> **PROBLEM TO WORK ON**: Exact copy, no pictures: repeat the data that follows.

> **TASK INPUTS**:
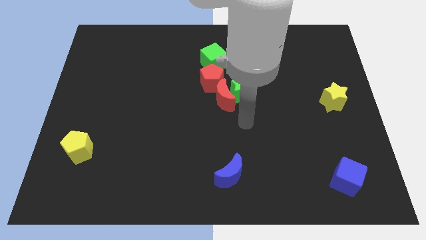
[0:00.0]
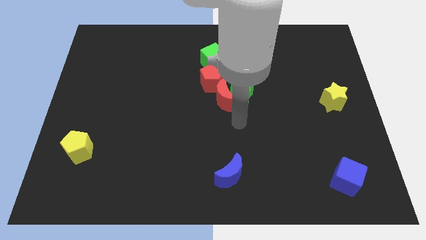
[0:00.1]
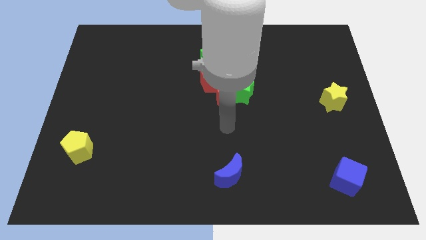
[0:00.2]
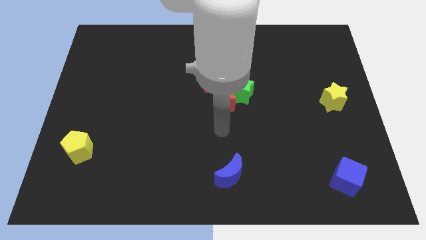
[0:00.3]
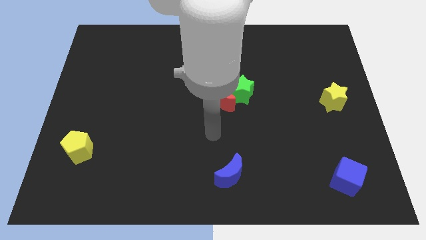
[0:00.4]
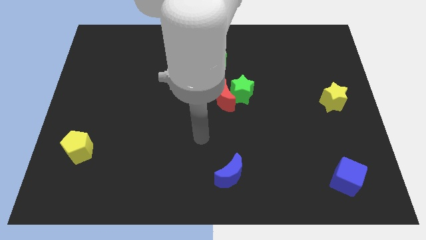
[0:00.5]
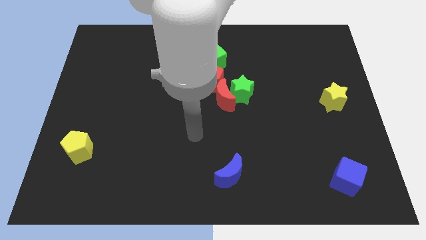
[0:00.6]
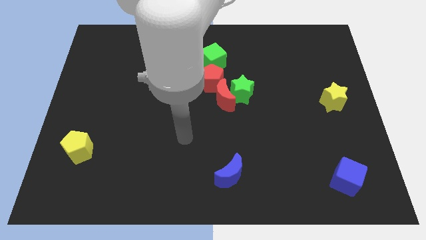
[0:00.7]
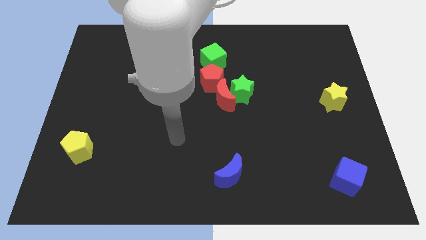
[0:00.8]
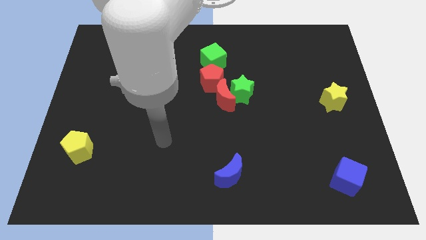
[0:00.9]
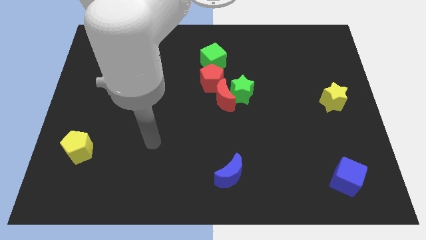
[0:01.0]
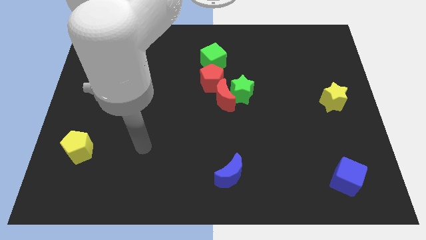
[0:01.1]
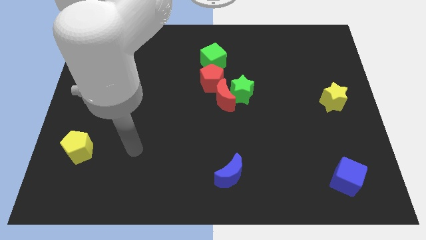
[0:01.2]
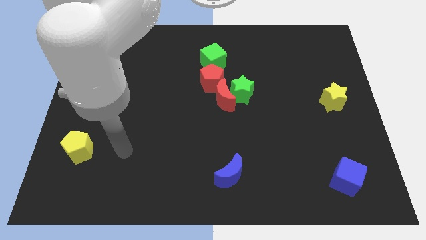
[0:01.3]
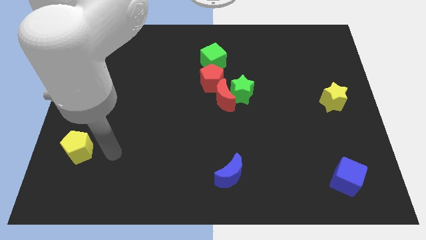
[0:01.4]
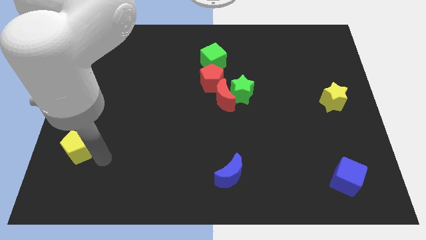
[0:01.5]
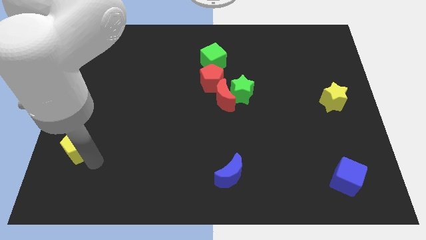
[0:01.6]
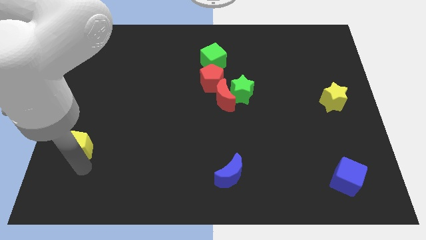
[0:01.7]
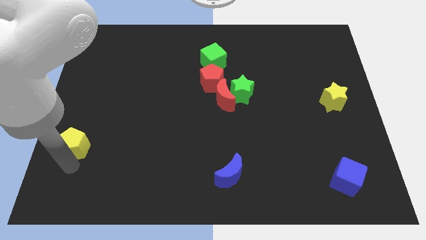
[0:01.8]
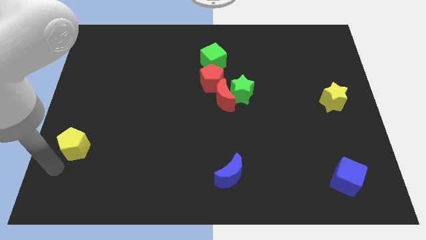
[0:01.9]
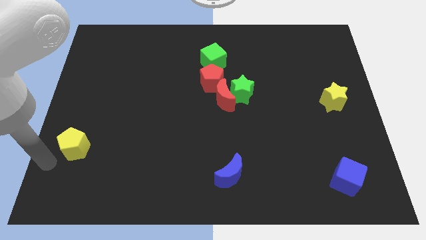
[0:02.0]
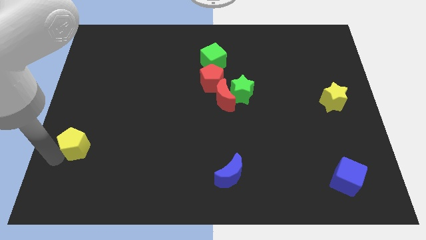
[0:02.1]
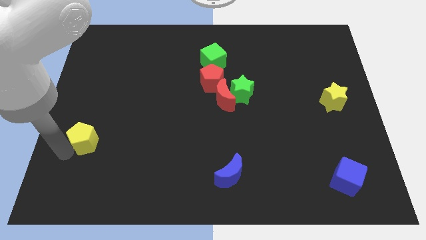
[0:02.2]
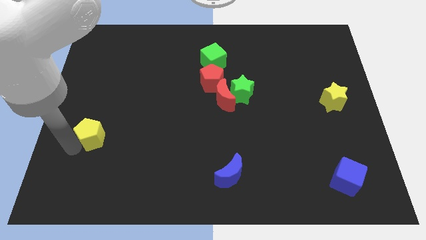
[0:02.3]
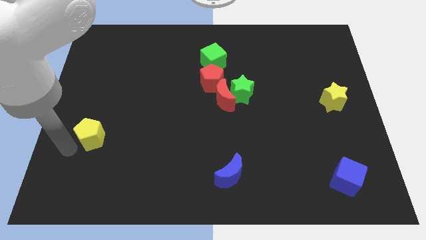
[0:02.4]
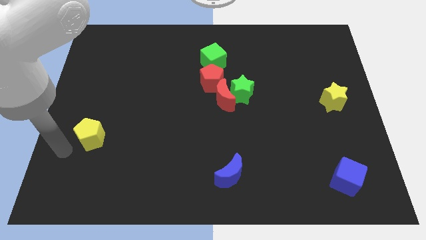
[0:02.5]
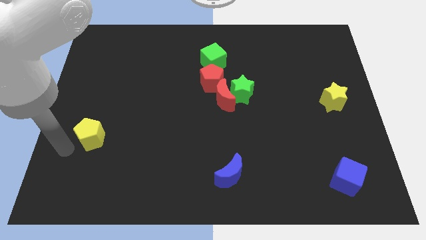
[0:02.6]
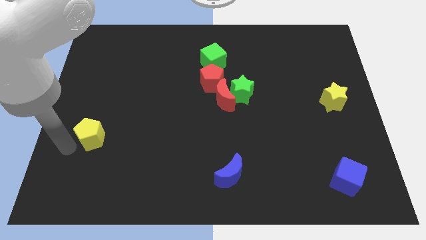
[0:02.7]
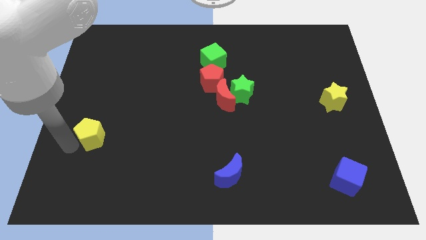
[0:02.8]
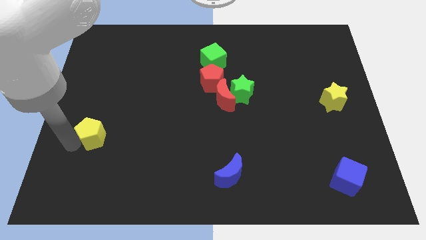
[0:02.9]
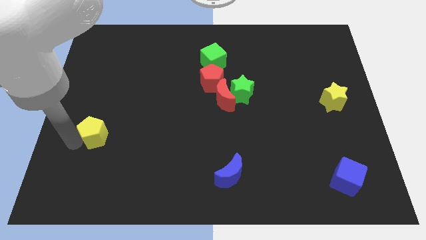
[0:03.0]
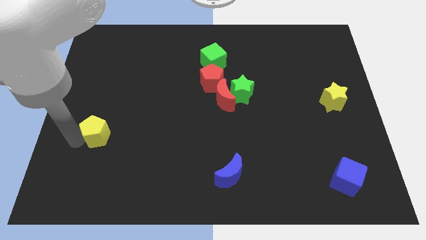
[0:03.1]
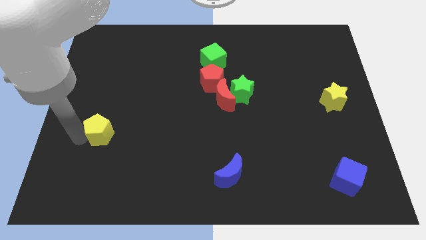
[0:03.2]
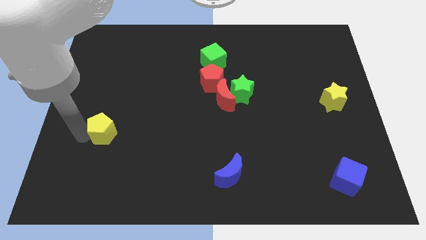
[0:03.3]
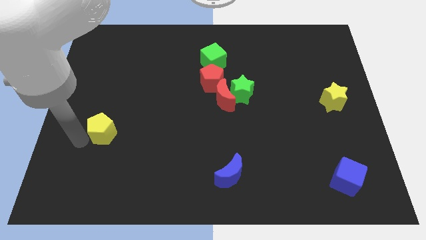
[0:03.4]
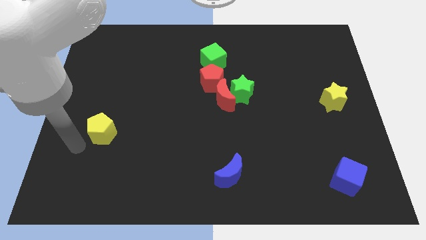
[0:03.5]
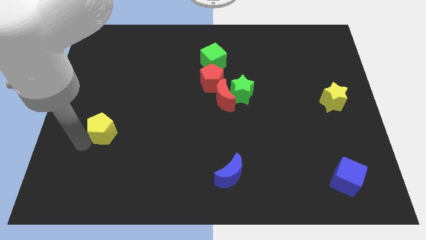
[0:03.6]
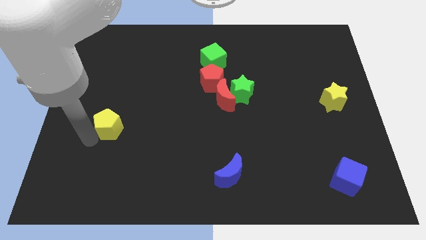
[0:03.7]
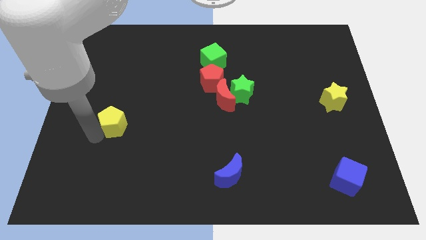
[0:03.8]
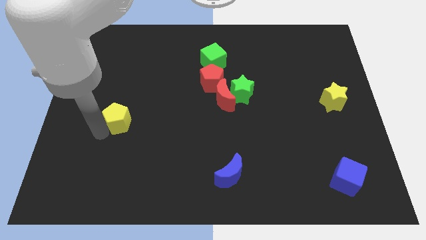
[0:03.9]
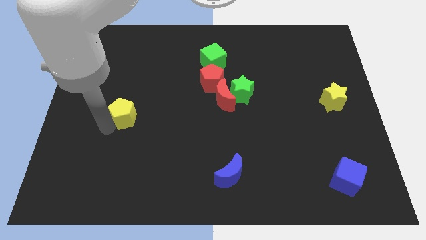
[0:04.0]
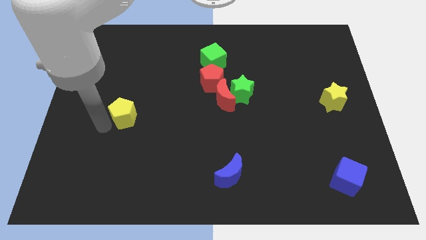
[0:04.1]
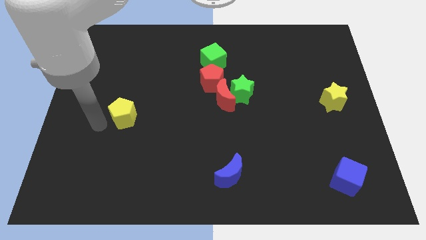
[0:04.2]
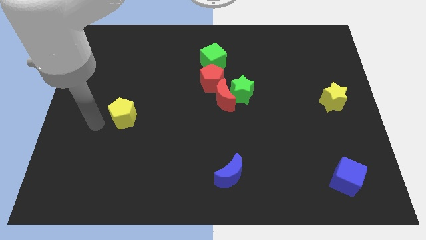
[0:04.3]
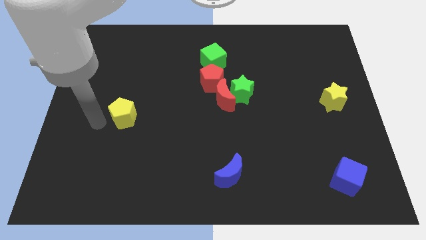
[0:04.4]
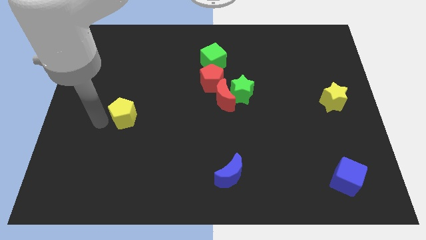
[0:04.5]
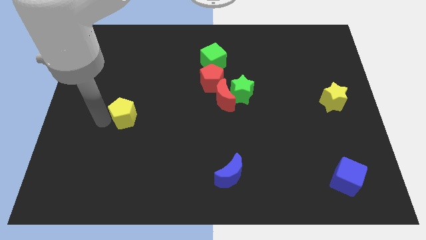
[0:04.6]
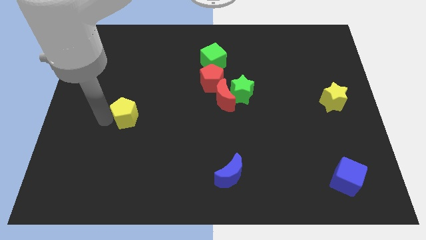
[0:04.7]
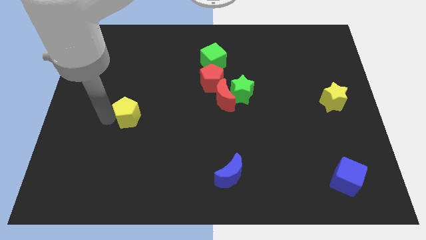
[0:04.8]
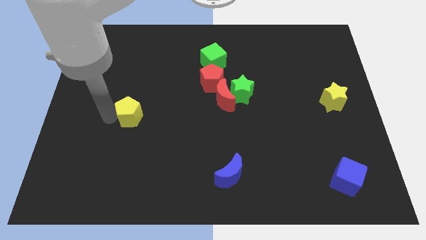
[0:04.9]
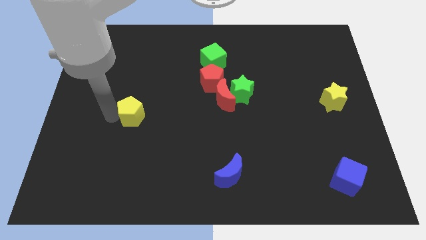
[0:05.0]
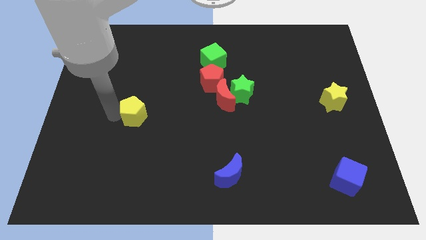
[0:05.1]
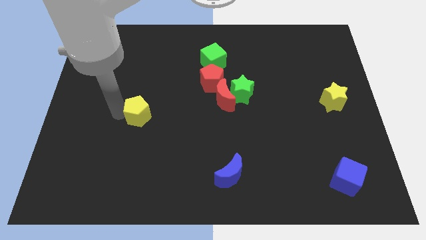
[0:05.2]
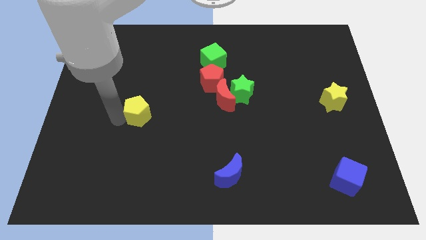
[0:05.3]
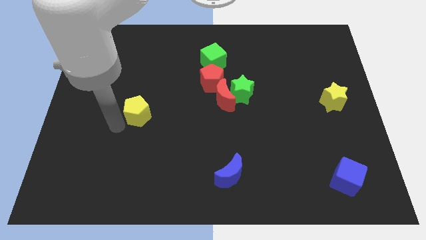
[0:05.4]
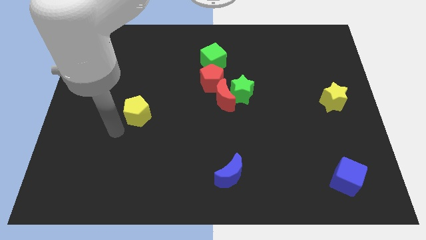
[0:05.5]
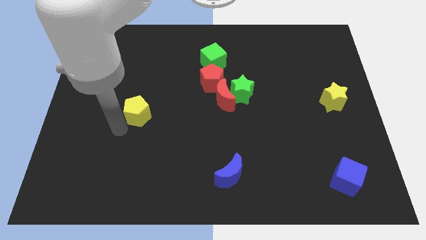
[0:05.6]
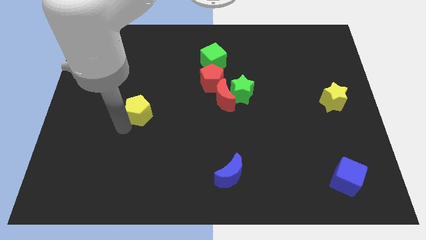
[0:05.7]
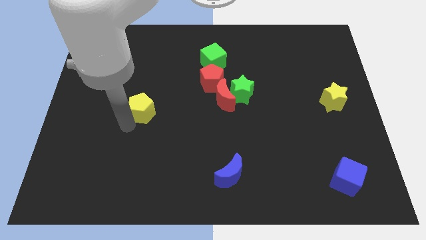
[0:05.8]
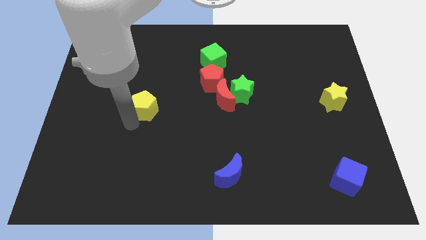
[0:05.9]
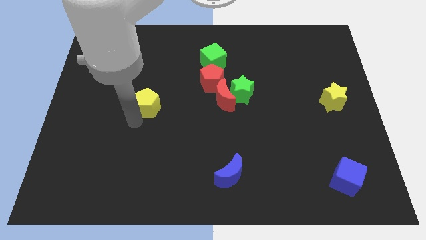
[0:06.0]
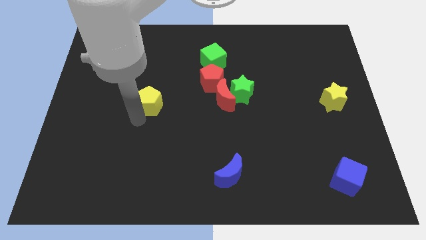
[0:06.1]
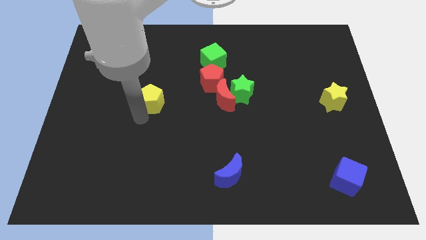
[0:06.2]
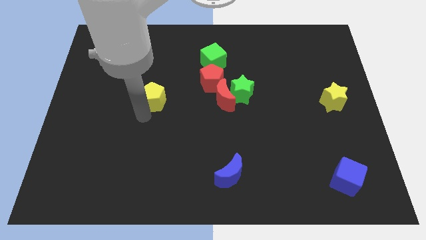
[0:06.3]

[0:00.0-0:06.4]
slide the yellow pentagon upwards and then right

> **TASK OUTPUT**:
[0:00.0]
[0:00.1]
[0:00.2]
[0:00.3]
[0:00.4]
[0:00.5]
[0:00.6]
[0:00.7]
[0:00.8]
[0:00.9]
[0:01.0]
[0:01.1]
[0:01.2]
[0:01.3]
[0:01.4]
[0:01.5]
[0:01.6]
[0:01.7]
[0:01.8]
[0:01.9]
[0:02.0]
[0:02.1]
[0:02.2]
[0:02.3]
[0:02.4]
[0:02.5]
[0:02.6]
[0:02.7]
[0:02.8]
[0:02.9]
[0:03.0]
[0:03.1]
[0:03.2]
[0:03.3]
[0:03.4]
[0:03.5]
[0:03.6]
[0:03.7]
[0:03.8]
[0:03.9]
[0:04.0]
[0:04.1]
[0:04.2]
[0:04.3]
[0:04.4]
[0:04.5]
[0:04.6]
[0:04.7]
[0:04.8]
[0:04.9]
[0:05.0]
[0:05.1]
[0:05.2]
[0:05.3]
[0:05.4]
[0:05.5]
[0:05.6]
[0:05.7]
[0:05.8]
[0:05.9]
[0:06.0]
[0:06.1]
[0:06.2]
[0:06.3]

[0:00.0-0:06.4]
slide the yellow pentagon upwards and then right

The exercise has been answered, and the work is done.